1. Enact deferral of capital gains tax on the sale of residential rental and mixed-use property, when the proceeds of sales are reinvested within a twelve-month period into other residential rental and/or mixed-use property investments;

2. Defer the recapturing of the value of depreciated capital cost allowances on residential rental and mixed-use property;

3. Include rental income under the definition of “active business income” for CCPCs in the CITA legislation;

4. Allow a 100 percent refund of GST paid by businesses investing in rental housing; and

5. Zero-rate rental housing operations to allow landlords to claim ITCs on their expenses.

Explanatory Notes

Capital Taxes - If one disposes of a depreciable piece of property there two things that could be triggered:

• Recapture of Capital Cost allowance: This would be if the property were sold and it sold for more than the depreciated value. The difference between depreciated value and actual cost would be recaptured and considered income in the year of disposition.
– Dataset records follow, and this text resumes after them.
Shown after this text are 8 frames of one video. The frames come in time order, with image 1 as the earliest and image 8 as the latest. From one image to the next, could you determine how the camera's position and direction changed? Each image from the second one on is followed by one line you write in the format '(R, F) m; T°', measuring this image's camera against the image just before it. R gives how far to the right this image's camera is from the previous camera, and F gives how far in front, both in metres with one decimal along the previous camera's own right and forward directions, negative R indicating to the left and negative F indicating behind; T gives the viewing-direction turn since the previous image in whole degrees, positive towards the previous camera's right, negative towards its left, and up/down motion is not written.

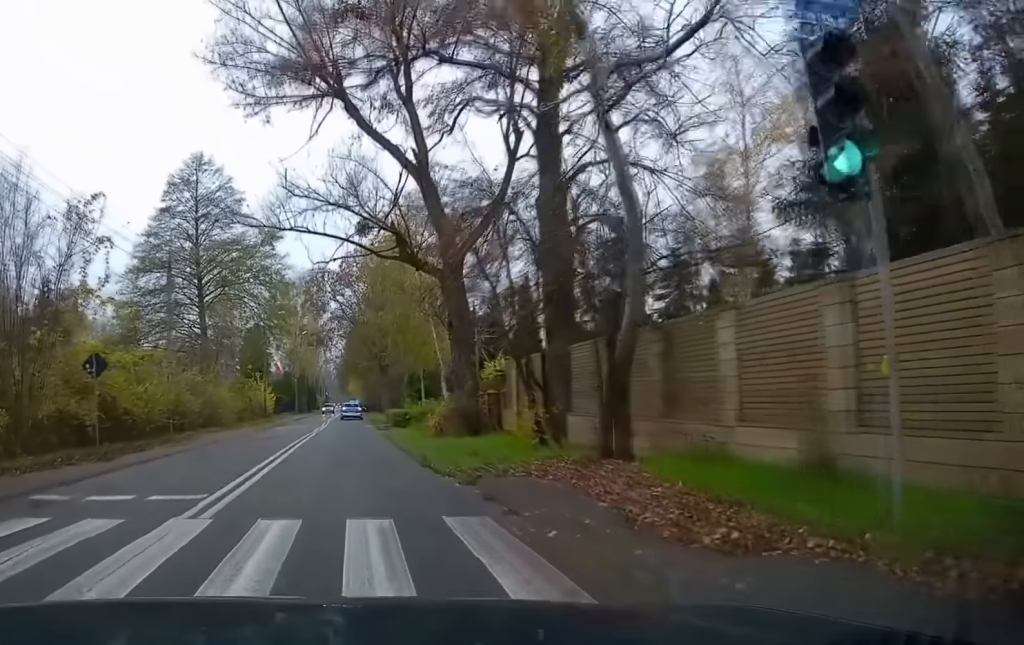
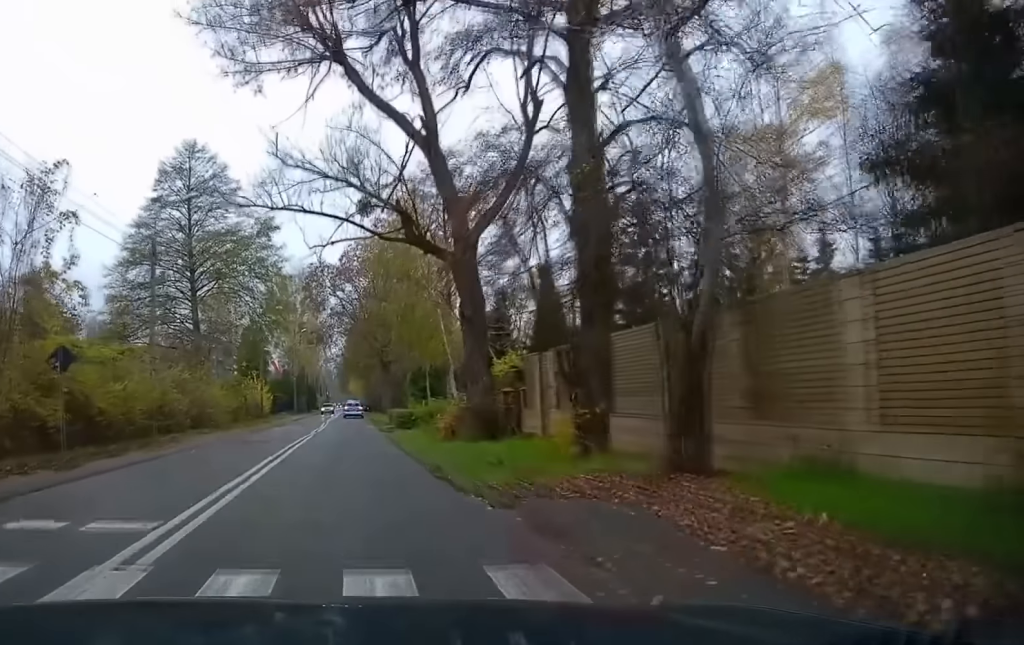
(+0.4, +1.9) m; 0°
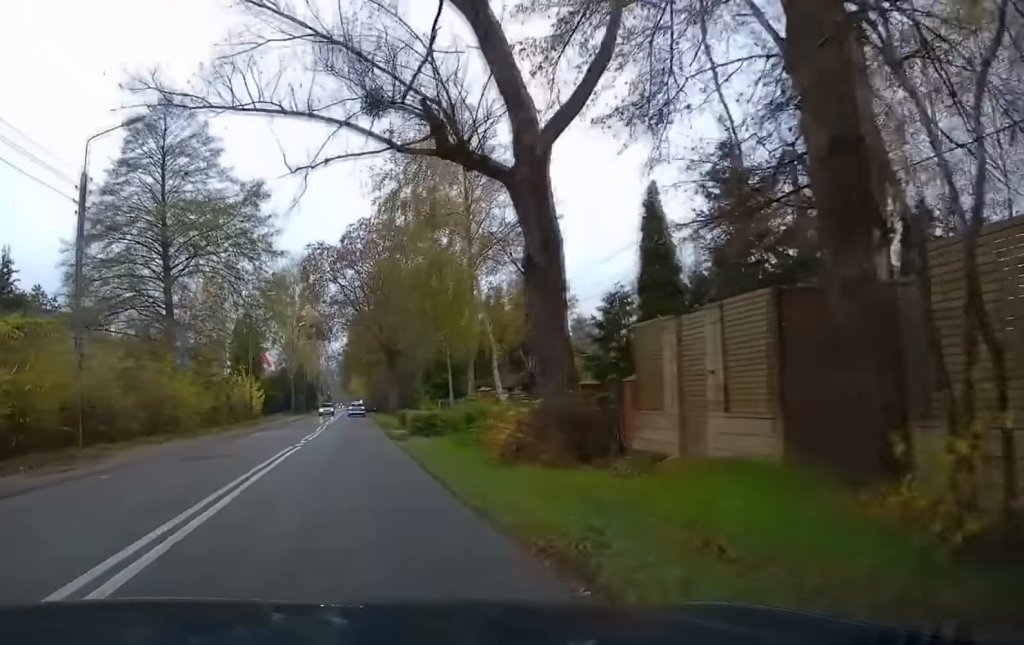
(-0.6, +6.1) m; -3°
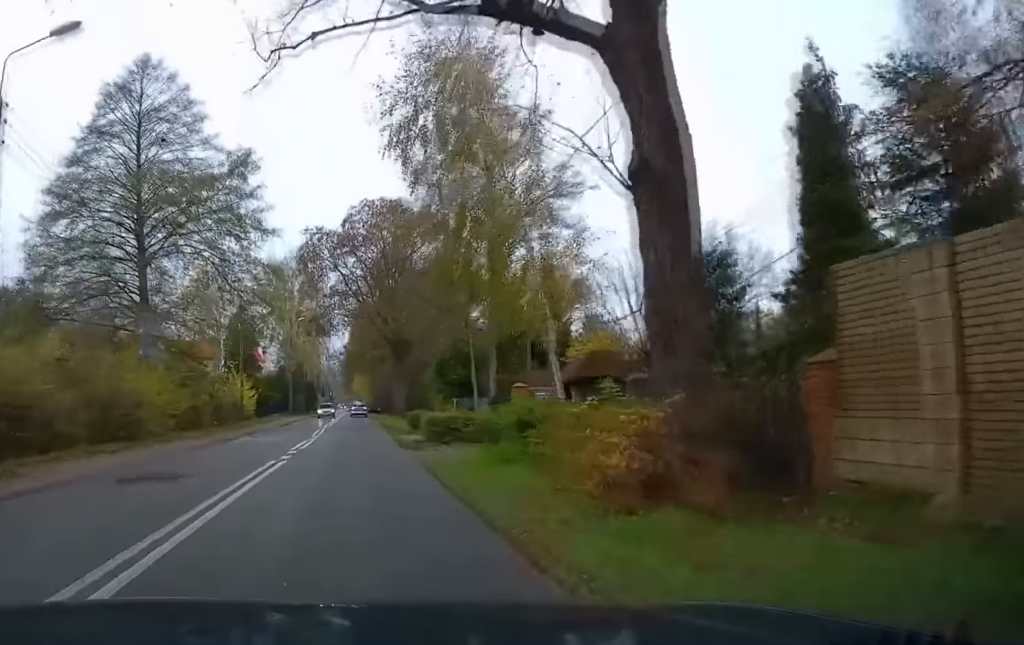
(+0.2, +4.7) m; +2°
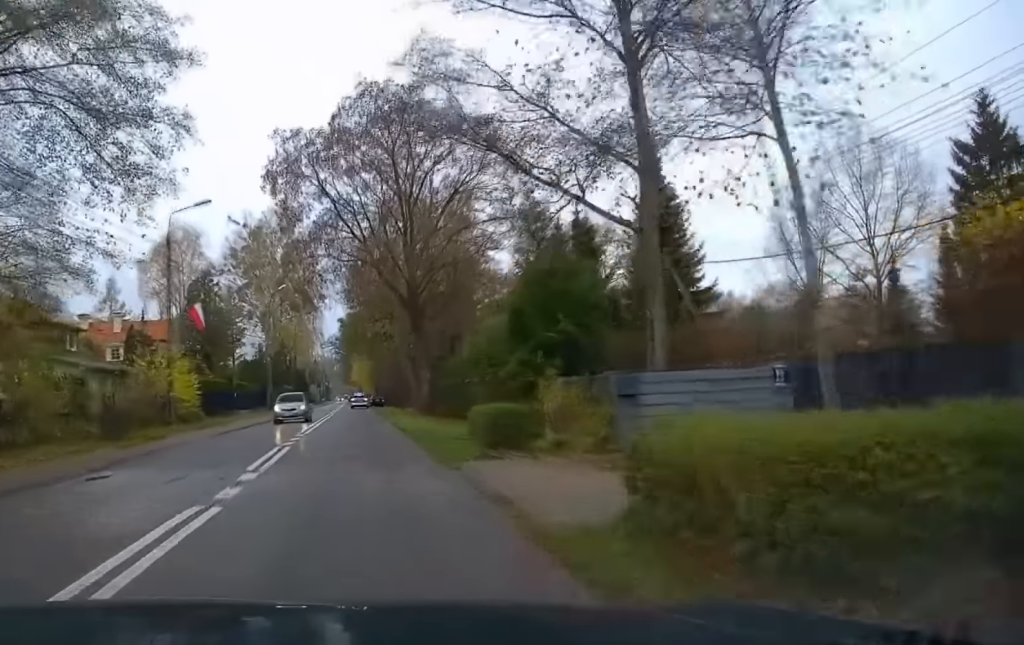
(0.0, +16.6) m; -1°
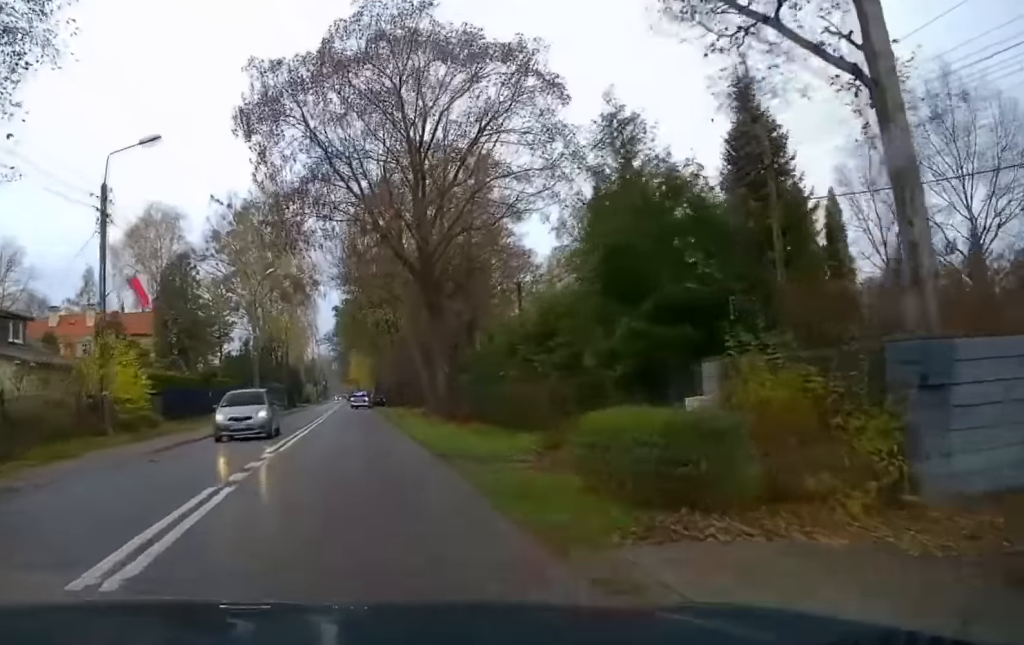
(-0.1, +8.0) m; +1°
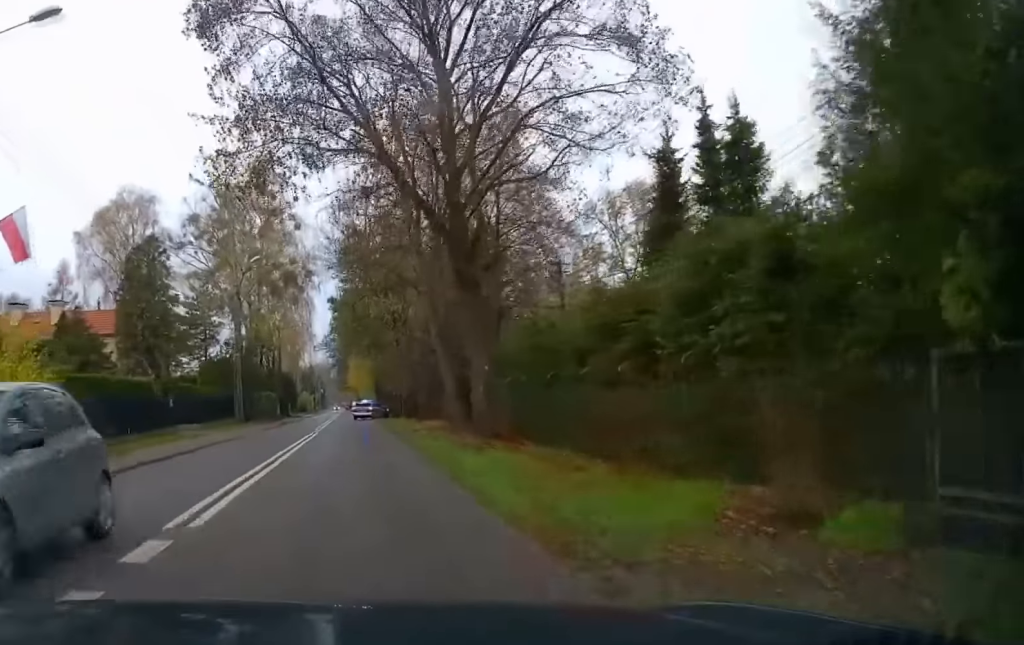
(+0.3, +9.5) m; +2°
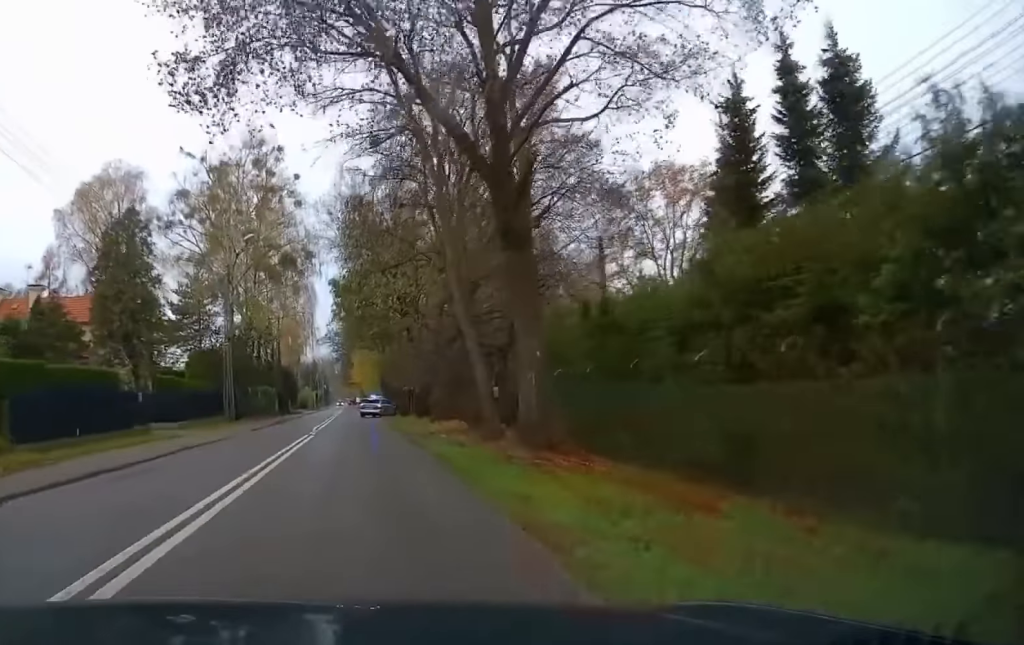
(0.0, +5.7) m; 0°

• Capital Gains: This is the difference between cost of the property and any gain over cost. Fifty percent of this gain is considered income.

In summary, the difference is recapture of capital cost allowance is 100 percent of the recapture is taxable vs capital gains where only 50 percent is taxable.

Tax Deferral – Tax deferral is a process of deferring the recognition of income over a longer period. This facilitates taxes being paid on income but in the case of this policy would serve to reduce the balloon increases in income.